Tax Regulation of Cryptoassets and Digital Platforms: Tax Risks and Technological Opportunities

 

Introduction

Two parallel phenomena are reshaping the digital economy, with direct tax implications that tax authorities (TAs) in Latin America and the Caribbean (LAC) cannot ignore: the rise of cryptoassets and the expansion of digital platforms that facilitate the exchange of labor, goods, and services. Both generate massive taxable events[1]. Global crypto market capitalization closed the first quarter of 2026 at $2.4 trillion (Coin Gecko, 2026), and between July 2022 and June 2025, LAC recorded a cryptocurrency transaction volume of nearly $1.5 trillion, establishing itself as one of the most dynamic regions in the world (Chainalysis, 2025).

The obstacle is not regulatory: in most jurisdictions in Latin America and the Caribbean, the existing tax framework would be sufficient to tax these transactions. The problem lies in information and analytical capacity. The crypto ecosystem relies on a public, immutable blockchain architecture where every transaction is verifiable, yet it coexists with pseudo-anonymity. Digital platforms, on the other hand, are private environments where information is available only to the operator. In both scenarios, the challenge is the same: the information exists, but it does not flow to the authorities.

 

Cryptoassets: risk categories requiring tailored treatment

The first design flaw in the sector’s tax administration is treating cryptoassets as a homogeneous category. Their economic characteristics differ, and therefore their tax classifications do as well.

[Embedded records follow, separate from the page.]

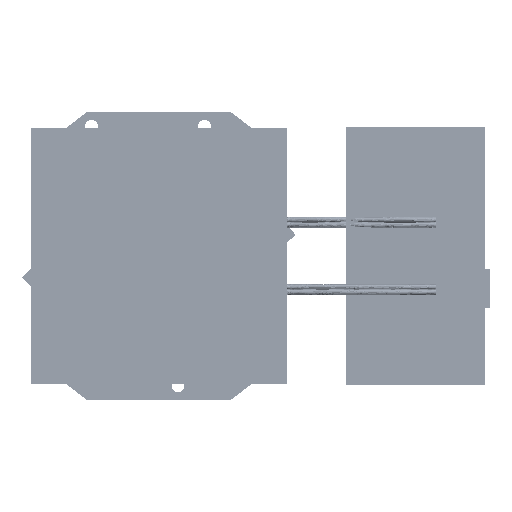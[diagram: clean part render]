
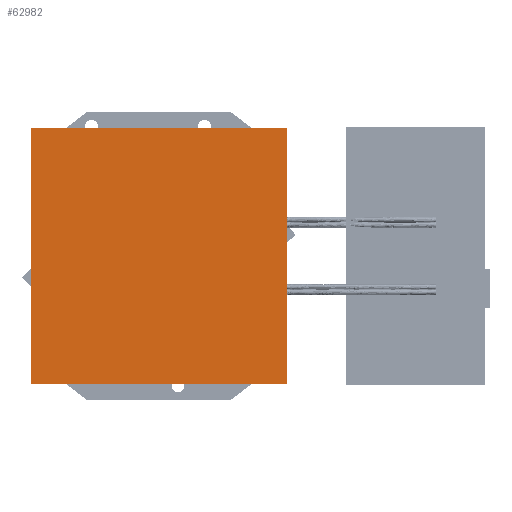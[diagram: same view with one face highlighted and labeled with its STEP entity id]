
A CAD part, front view. The second image highlights one B-rep face of the part: STEP entity #62982.
In plain terms, the highlighted face is planar.
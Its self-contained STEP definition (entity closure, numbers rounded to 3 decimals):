
#7286 = EDGE_CURVE ( 'NONE', #102317, #59009, #33395, .T. ) ;
#9083 = VERTEX_POINT ( 'NONE', #34016 ) ;
#14710 = CARTESIAN_POINT ( 'NONE',  ( 26.65, -26.65, -2.5 ) ) ;
#18222 = VECTOR ( 'NONE', #105290, 1000. ) ;
#20671 = CARTESIAN_POINT ( 'NONE',  ( -26.65, -26.65, -2.5 ) ) ;
#21441 = EDGE_LOOP ( 'NONE', ( #114810, #74319, #130820, #128621 ) ) ;
#24696 = LINE ( 'NONE', #25108, #18222 ) ;
#25108 = CARTESIAN_POINT ( 'NONE',  ( -26.65, -26.65, -2.5 ) ) ;
#30189 = DIRECTION ( 'NONE',  ( 1., 0., 0. ) ) ;
#33395 = LINE ( 'NONE', #78157, #64091 ) ;
#34016 = CARTESIAN_POINT ( 'NONE',  ( -26.65, -26.65, -2.5 ) ) ;
#49313 = CARTESIAN_POINT ( 'NONE',  ( -26.65, 26.65, -2.5 ) ) ;
#51942 = AXIS2_PLACEMENT_3D ( 'NONE', #81925, #133325, #30189 ) ;
#59009 = VERTEX_POINT ( 'NONE', #132636 ) ;
#59509 = LINE ( 'NONE', #49313, #65997 ) ;
#61478 = VERTEX_POINT ( 'NONE', #112507 ) ;
#62161 = DIRECTION ( 'NONE',  ( 1., 0., 0. ) ) ;
#62982 = ADVANCED_FACE ( 'NONE', ( #83723 ), #103612, .F. ) ;
#64091 = VECTOR ( 'NONE', #128181, 1000. ) ;
#65997 = VECTOR ( 'NONE', #133513, 1000. ) ;
#67579 = LINE ( 'NONE', #20671, #132055 ) ;
#72833 = EDGE_CURVE ( 'NONE', #61478, #9083, #24696, .T. ) ;
#74319 = ORIENTED_EDGE ( 'NONE', *, *, #7286, .F. ) ;
#78157 = CARTESIAN_POINT ( 'NONE',  ( 26.65, -26.65, -2.5 ) ) ;
#81925 = CARTESIAN_POINT ( 'NONE',  ( -26.65, -26.65, -2.5 ) ) ;
#83238 = EDGE_CURVE ( 'NONE', #9083, #102317, #67579, .T. ) ;
#83723 = FACE_OUTER_BOUND ( 'NONE', #21441, .T. ) ;
#100557 = EDGE_CURVE ( 'NONE', #59009, #61478, #59509, .T. ) ;
#102317 = VERTEX_POINT ( 'NONE', #14710 ) ;
#103612 = PLANE ( 'NONE',  #51942 ) ;
#105290 = DIRECTION ( 'NONE',  ( 0., -1., 0. ) ) ;
#112507 = CARTESIAN_POINT ( 'NONE',  ( -26.65, 26.65, -2.5 ) ) ;
#114810 = ORIENTED_EDGE ( 'NONE', *, *, #100557, .F. ) ;
#128181 = DIRECTION ( 'NONE',  ( 0., 1., 0. ) ) ;
#128621 = ORIENTED_EDGE ( 'NONE', *, *, #72833, .F. ) ;
#130820 = ORIENTED_EDGE ( 'NONE', *, *, #83238, .F. ) ;
#132055 = VECTOR ( 'NONE', #62161, 1000. ) ;
#132636 = CARTESIAN_POINT ( 'NONE',  ( 26.65, 26.65, -2.5 ) ) ;
#133325 = DIRECTION ( 'NONE',  ( 0., 0., 1. ) ) ;
#133513 = DIRECTION ( 'NONE',  ( -1., 0., 0. ) ) ;

Criptocurrencies (Bitcoin, Ether): generate capital gains upon disposal. According to the digital asset reporting legislation passed in the U.S. in 2021, the Joint Committee on Taxation estimated that it would generate nearly $28 billion in additional revenue over a decade (Joint Committee on Taxation, 2021). Starting in the 2025 tax year, digital asset custodial brokers in the U.S. must report gross income to the IRS using Form 1099-DA, with a phased implementation that extends the reporting of taxable income to 2026 (IRS, 2024).

Stablecoins (USDT, USDC): deserve specific attention in Latin America and the Caribbean, where they account for more than half of all purchases on exchanges in Colombia, Argentina, and Brazil (Chainalysis, 2025). In March 2026, the FATF reported that stable coins accounted for 84% of illicit virtual asset volume in 2025, a figure produced by Chainalysis and included in the FATF report—with more than 250 stable coins in circulation and a market capitalization exceeding $300 billion (FATF, 2026).

Staking and mining: generate income upon receipt of the asset, valued at market price. This approach was adopted by the IRS (Revenue Ruling 2023-14), the UK’s HMRC (Cryptoassets Manual, updated in 2024), and Australia’s ATO (2024).

Decentralized finance (DeFi): This represents the largest regulatory gap. In June 2025, the FATF noted that most anti-money laundering frameworks applicable to virtual asset service providers do not extend to DeFi entities (FATF, 2025). In April 2025, the U.S. Congress repealed regulations that would have extended mandatory reporting to DeFi intermediaries (U.S. Congress, H.J.Res. 25, April 10, 2025), opening the door to regulatory arbitrage

.

Digital platforms: an equally urgent front

The technical instrument that changes the equation is the OECD’s Model Reporting Rules for Digital Platforms (MRDP) (2020). Under this framework, platforms must collect and report information on all their sellers—name, tax identification number, address, bank account, number of transactions, and total amount received—and automatically exchange this information across jurisdictions through the DPI MCAA.[2].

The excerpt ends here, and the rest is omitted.